## TASK DIRECTIONS
Everything from the line containing "A book cover" through the final line of the listing below should be given again, word for word, and nothing else.
___ AVAILABLE DATA ___
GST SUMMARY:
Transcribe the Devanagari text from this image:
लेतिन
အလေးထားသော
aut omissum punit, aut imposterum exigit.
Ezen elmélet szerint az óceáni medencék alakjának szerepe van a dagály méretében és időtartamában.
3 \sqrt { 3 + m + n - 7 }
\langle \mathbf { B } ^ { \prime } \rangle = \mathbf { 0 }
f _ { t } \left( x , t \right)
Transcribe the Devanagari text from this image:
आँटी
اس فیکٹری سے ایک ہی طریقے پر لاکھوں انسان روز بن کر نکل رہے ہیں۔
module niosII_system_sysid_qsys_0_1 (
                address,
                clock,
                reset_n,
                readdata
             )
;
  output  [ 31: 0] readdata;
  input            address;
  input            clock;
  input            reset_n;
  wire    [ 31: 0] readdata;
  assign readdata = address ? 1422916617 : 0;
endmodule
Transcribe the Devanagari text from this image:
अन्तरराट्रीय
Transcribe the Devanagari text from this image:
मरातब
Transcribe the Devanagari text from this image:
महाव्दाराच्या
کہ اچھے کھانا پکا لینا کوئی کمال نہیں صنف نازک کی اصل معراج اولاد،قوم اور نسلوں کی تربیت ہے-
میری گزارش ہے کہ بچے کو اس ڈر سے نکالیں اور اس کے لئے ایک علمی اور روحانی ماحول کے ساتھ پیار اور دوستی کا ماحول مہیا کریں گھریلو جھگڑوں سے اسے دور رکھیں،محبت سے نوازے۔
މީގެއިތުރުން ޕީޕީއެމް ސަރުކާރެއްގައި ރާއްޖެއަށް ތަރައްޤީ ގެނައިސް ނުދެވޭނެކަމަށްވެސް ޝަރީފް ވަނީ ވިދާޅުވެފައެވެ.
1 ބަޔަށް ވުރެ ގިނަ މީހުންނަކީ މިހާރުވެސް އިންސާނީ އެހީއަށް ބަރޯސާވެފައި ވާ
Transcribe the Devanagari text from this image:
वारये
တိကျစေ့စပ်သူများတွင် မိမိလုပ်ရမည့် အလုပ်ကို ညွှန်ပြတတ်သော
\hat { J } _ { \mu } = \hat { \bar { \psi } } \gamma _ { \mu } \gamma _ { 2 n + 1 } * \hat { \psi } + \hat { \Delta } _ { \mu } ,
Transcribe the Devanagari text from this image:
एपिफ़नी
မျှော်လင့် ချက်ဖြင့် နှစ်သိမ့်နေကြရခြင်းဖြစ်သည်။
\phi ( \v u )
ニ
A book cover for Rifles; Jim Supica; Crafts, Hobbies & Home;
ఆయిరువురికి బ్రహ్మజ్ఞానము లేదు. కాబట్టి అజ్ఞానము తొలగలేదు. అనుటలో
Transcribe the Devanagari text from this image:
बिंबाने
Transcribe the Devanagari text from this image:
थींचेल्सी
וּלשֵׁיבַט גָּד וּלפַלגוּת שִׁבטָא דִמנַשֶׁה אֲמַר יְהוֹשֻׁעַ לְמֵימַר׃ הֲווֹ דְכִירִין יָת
___
## REPLY TO THE TASK
A book cover for Rifles; Jim Supica; Crafts, Hobbies & Home;
ఆయిరువురికి బ్రహ్మజ్ఞానము లేదు. కాబట్టి అజ్ఞానము తొలగలేదు. అనుటలో
Transcribe the Devanagari text from this image:
बिंबाने
Transcribe the Devanagari text from this image:
थींचेल्सी
וּלשֵׁיבַט גָּד וּלפַלגוּת שִׁבטָא דִמנַשֶׁה אֲמַר יְהוֹשֻׁעַ לְמֵימַר׃ הֲווֹ דְכִירִין יָת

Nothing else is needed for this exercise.